Von Armaghan Naghipour

Die juristische Ausbildung hat ein Sexismusproblem. Das fiel mir früh in meinem Studium der Rechtswissenschaften auf. Angesprochen habe ich es erst spät. Mit meiner Migrationsgeschichte fühlte ich mich an meinem Erststudienort Heidelberg in einem Fach wie Jura ohnehin schon als bunter Vogel. Meinen Namen konnte/wollte niemand richtig aussprechen. Und dann: Duktus, Habitus, Witze, Fallübungen, alles überwiegend männliche Narrative. Ein Schlag ins Gesicht derjenigen, die glaubten, das Studium des Rechts diene der Durchsetzung von Gerechtigkeit für alle.

Die Juristenausbildung (sic!) ist sehr androzentristisch. © Shutterstock/vchal

Anfang diesen Jahres dann plötzlich ein auf Krawall gebürsteter, verdammt scharfsinniger Aufsatz dreier Juristinnen, die das Thema Sexismus in der Jurist*innenausbildung aufgreifen und obendrauf noch einen passenden Blog dazu ins Leben rufen.

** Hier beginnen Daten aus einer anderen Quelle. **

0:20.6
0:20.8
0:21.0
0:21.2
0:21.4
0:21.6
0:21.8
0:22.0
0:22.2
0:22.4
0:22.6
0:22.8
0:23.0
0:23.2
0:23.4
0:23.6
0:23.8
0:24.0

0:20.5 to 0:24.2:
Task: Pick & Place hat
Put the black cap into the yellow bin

Zum Relaunch ihres Blogs wurde es allerhöchste Eisenbahn, Lucy Chebout, Selma Gather und Dana-Sophia Valentiner persönlich kennenzulernen.

Wie ist euer Projekt entstanden?
Selma Gather: Wir drei kannten uns schon aus dem Kontext des Feministischen Juristinnentags. Näher haben wir uns dann im letzten Jahr bei dem studentisch organisierten Kongress „Sexismus in der (juristischen) Ausbildung“ in Münster kennengelernt.

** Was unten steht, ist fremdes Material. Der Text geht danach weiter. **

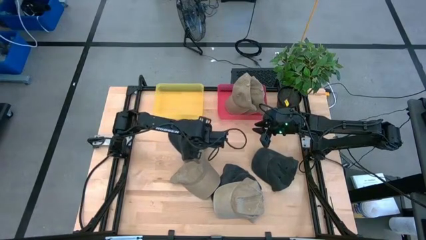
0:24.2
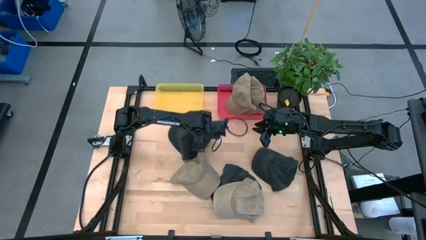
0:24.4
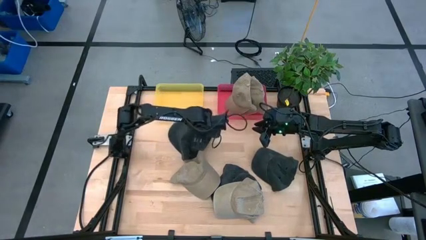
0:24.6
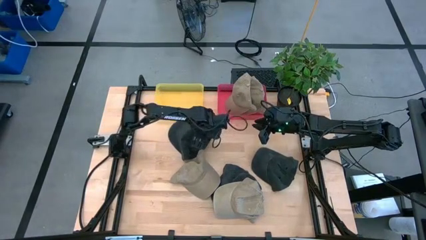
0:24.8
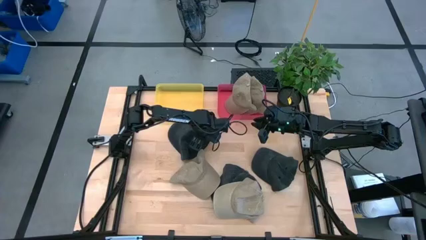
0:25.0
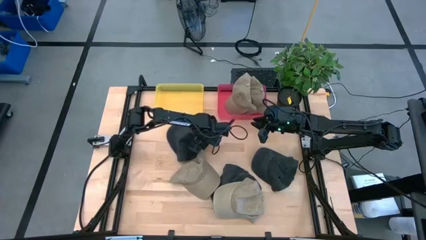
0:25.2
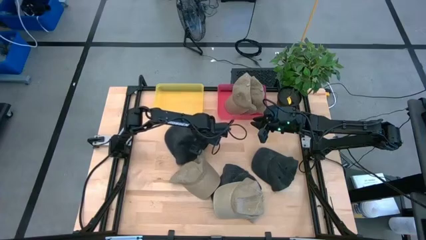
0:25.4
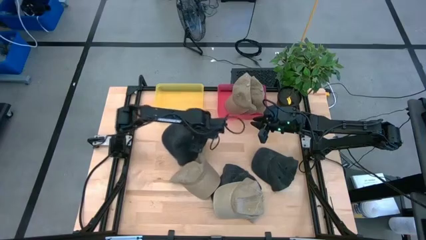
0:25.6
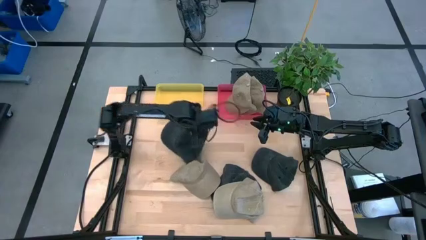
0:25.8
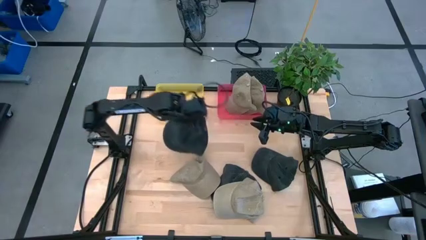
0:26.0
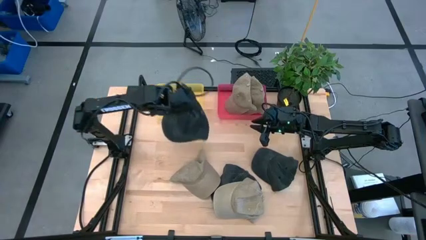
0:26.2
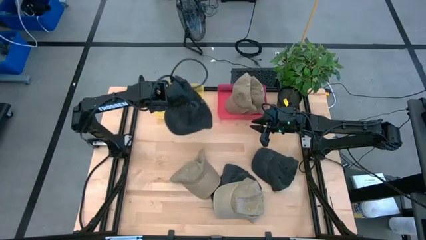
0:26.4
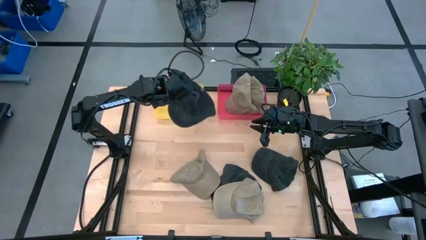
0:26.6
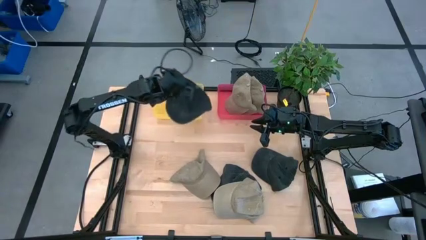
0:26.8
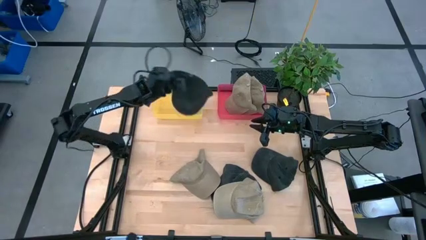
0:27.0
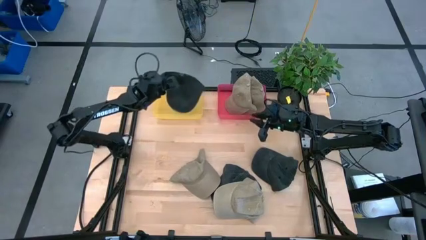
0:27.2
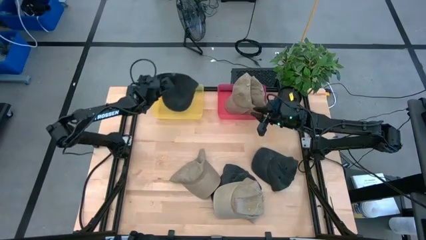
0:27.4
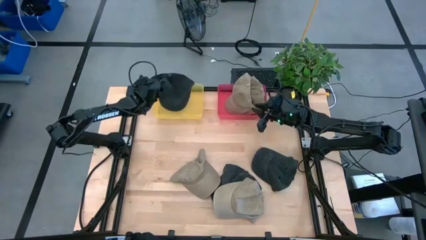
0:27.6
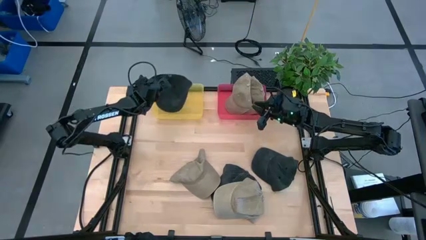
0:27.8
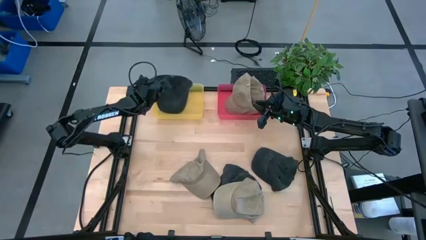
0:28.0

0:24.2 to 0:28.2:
Put the black cap into the yellow bin

Dana-Sophia Valentiner: Daran anknüpfend ist unser Beitrag in der Zeitschrift des deutschen Juristinnenbundes (djbZ) entstanden, in dem wir einfach mal aufgeschrieben haben, was wir in der juristischen Ausbildung als sexistisch wahrnehmen. Und im Anschluss daran nun der Blog.

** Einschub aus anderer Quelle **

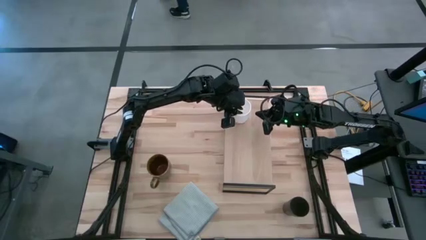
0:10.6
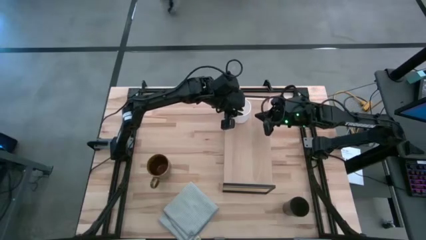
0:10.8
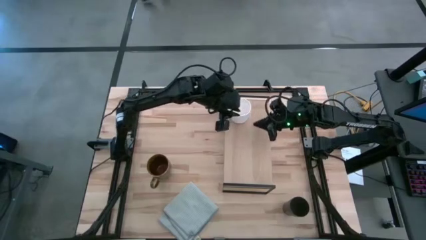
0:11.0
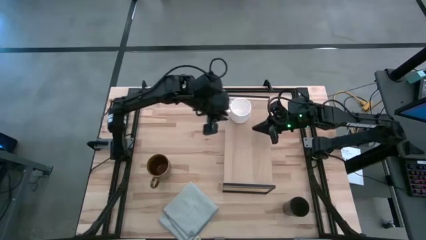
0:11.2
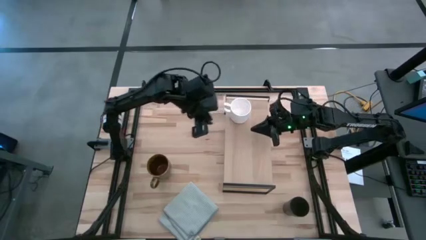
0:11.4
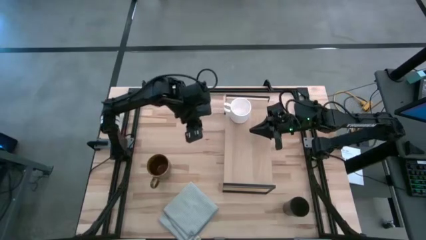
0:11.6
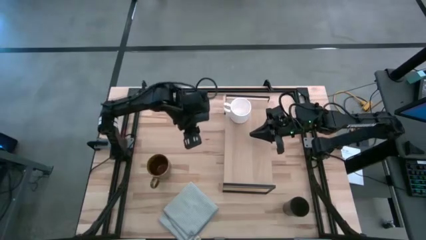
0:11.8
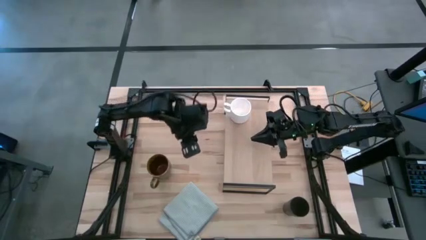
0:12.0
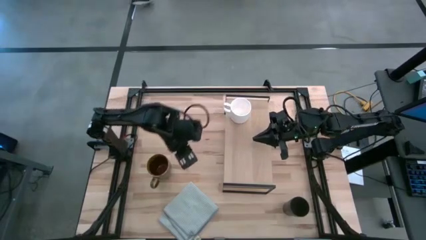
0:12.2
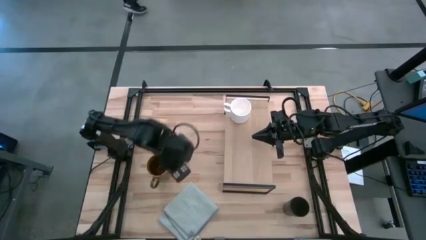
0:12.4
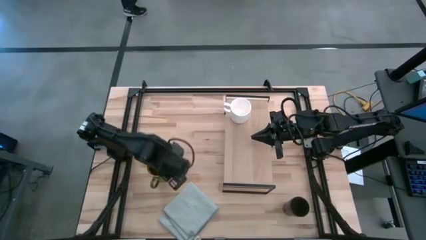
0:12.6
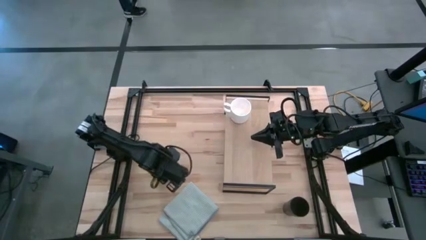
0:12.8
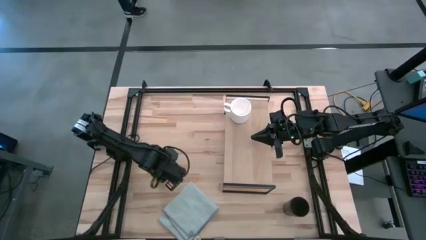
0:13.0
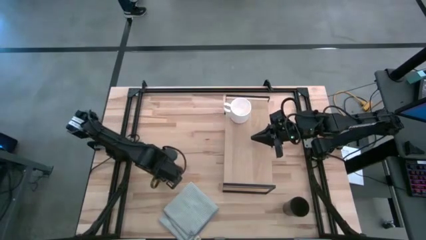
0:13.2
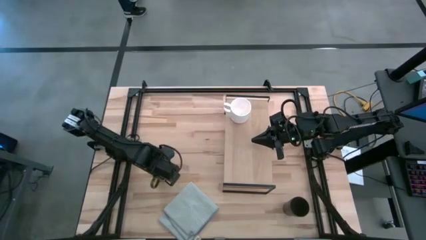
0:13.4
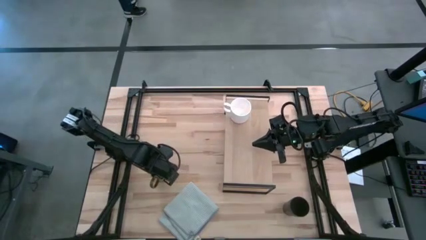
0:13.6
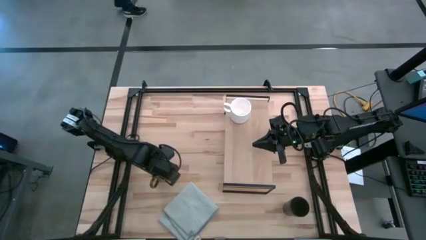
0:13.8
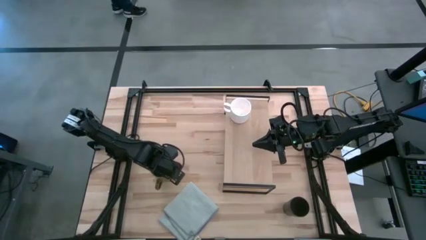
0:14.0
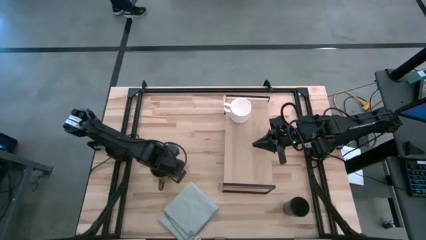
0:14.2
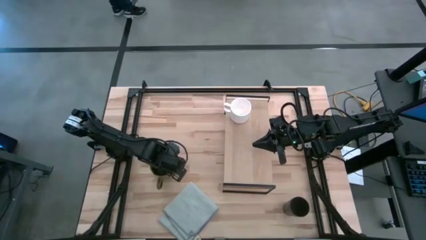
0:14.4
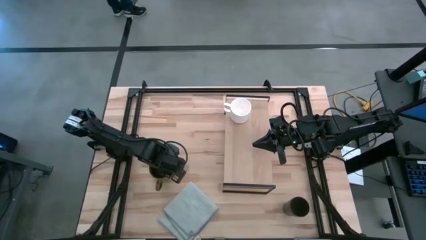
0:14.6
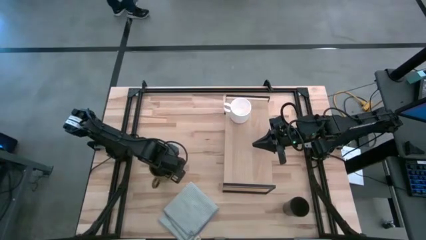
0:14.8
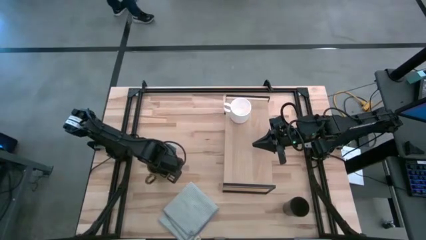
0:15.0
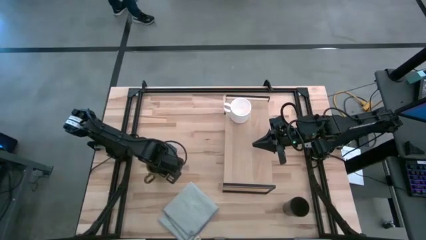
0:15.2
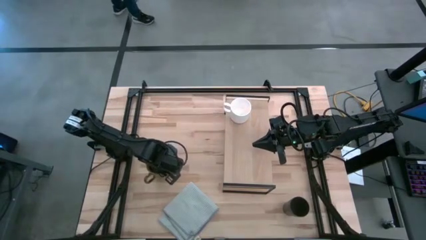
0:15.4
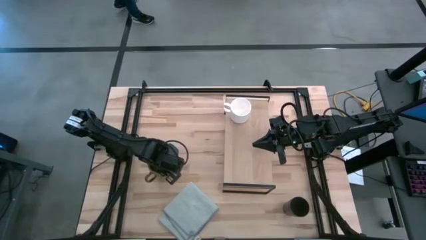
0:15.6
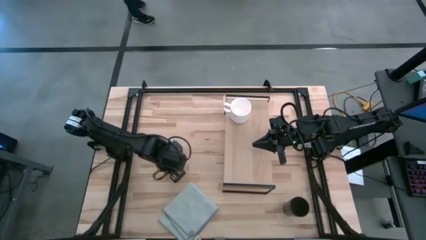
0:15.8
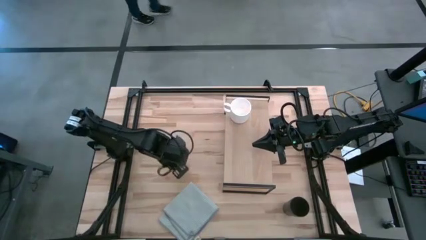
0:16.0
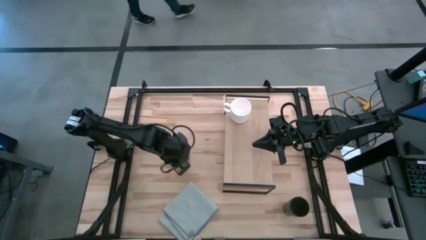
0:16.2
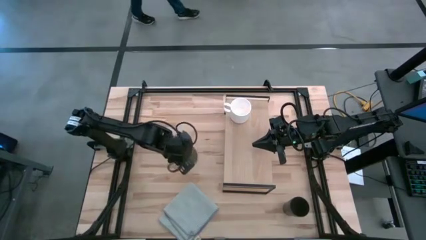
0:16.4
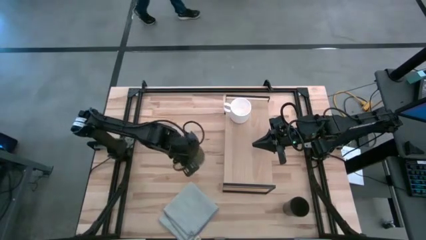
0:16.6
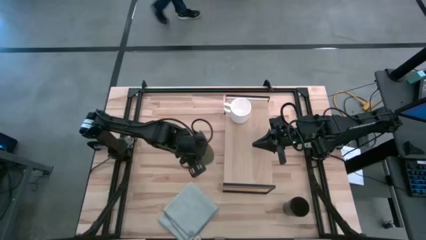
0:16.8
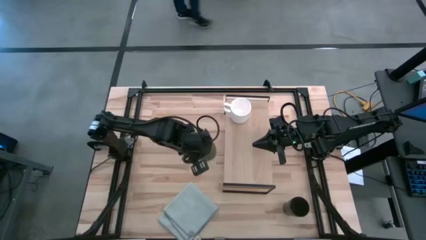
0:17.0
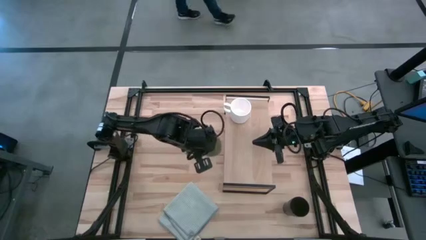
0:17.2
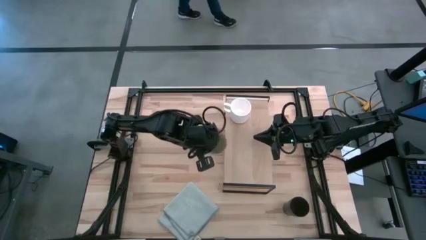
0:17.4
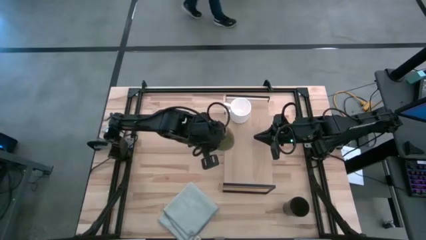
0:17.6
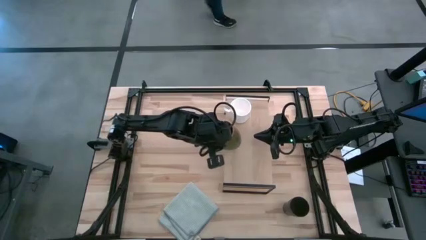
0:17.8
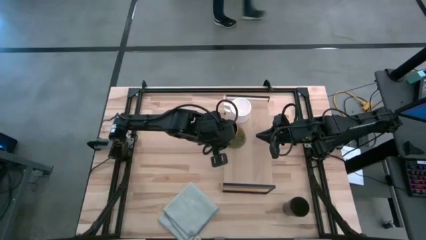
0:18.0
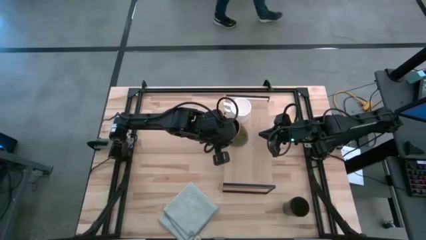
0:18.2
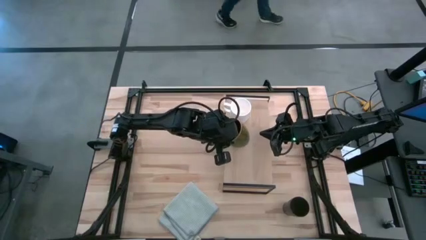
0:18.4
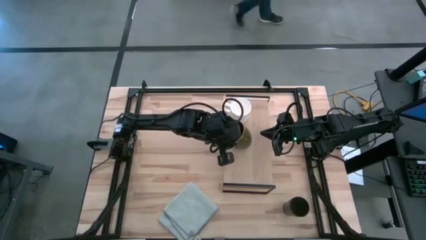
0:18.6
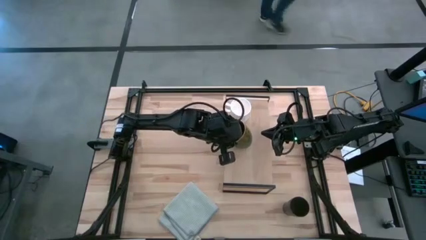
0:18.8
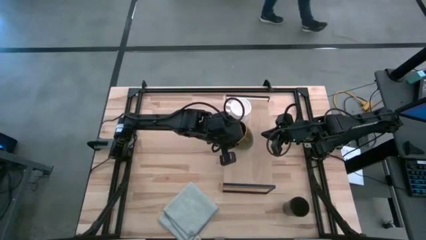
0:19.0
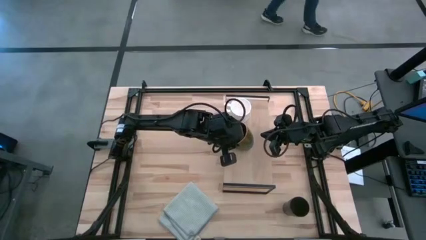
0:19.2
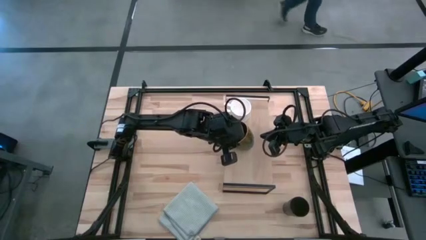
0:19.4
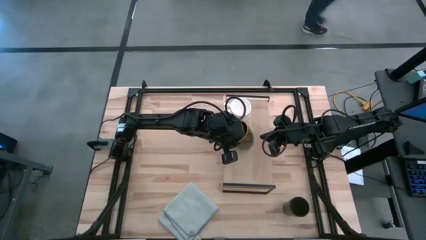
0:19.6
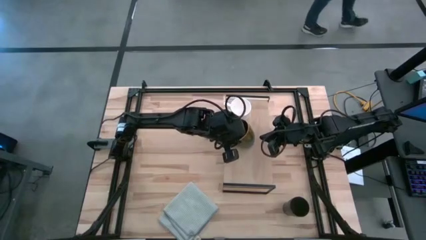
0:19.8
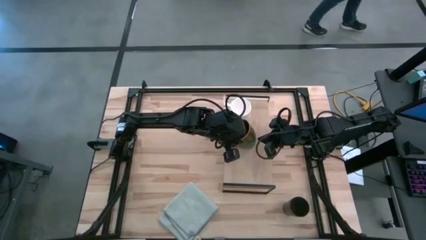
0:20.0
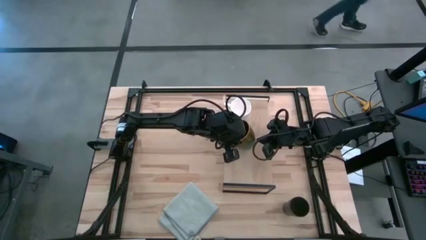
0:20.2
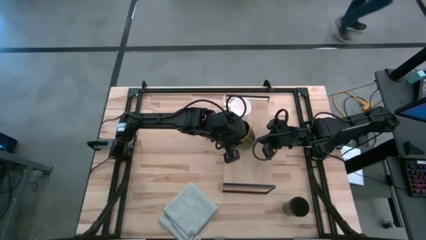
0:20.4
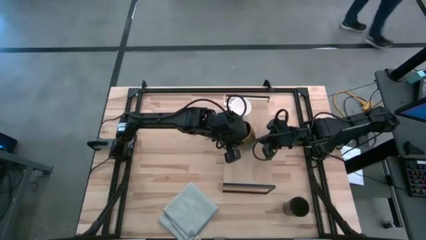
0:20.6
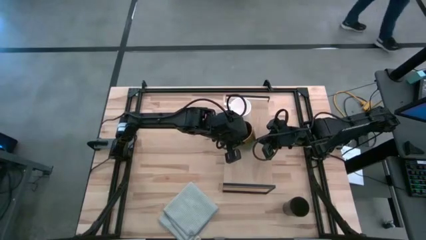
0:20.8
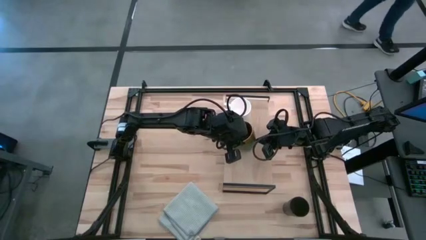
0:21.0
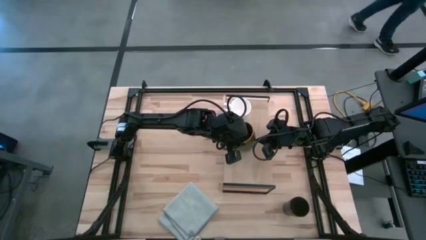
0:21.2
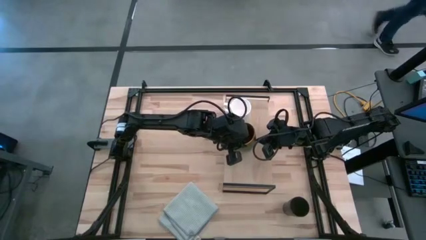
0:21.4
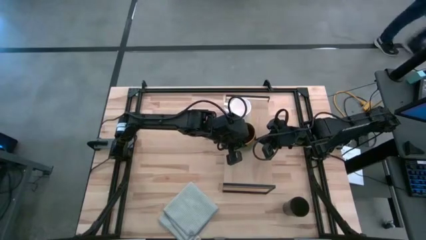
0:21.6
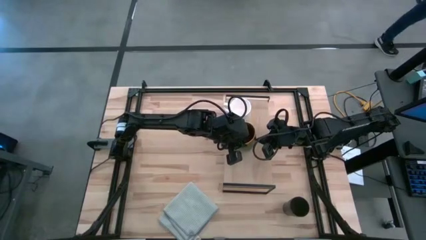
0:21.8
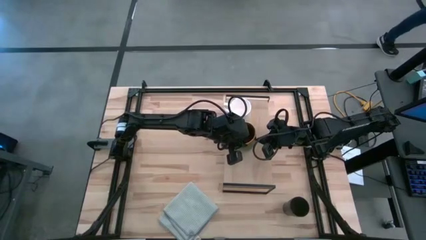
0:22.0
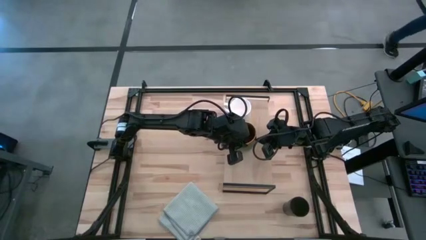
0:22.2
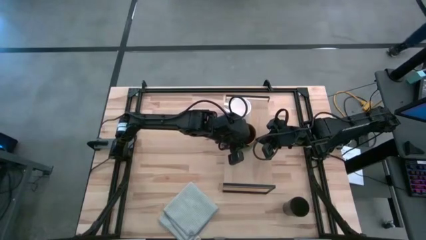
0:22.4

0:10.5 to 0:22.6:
Task: Stack small to large cups/mugs on shelf
Put the brown mug on the shelf

Lucy Chebout: Wir haben gemerkt: Das Thema betrifft nicht nur jede von uns individuell, sondern es ist ein strukturelles Problem. Derzeit wird eine umfassende Reform der juristischen Ausbildung vorbereitet. Sexismus, Rassismus, Homofeindlichkeit und so weiter kommen in der Reformdiskussion überhaupt nicht vor. Sollten sie aber. Gerade bei so einem wichtigen Instrument wie dem Recht, wo es um Gerechtigkeitsfragen geht, müssen exkludierende und diskriminierende Ausbildungsbedingungen problematisiert oder überhaupt angesprochen werden.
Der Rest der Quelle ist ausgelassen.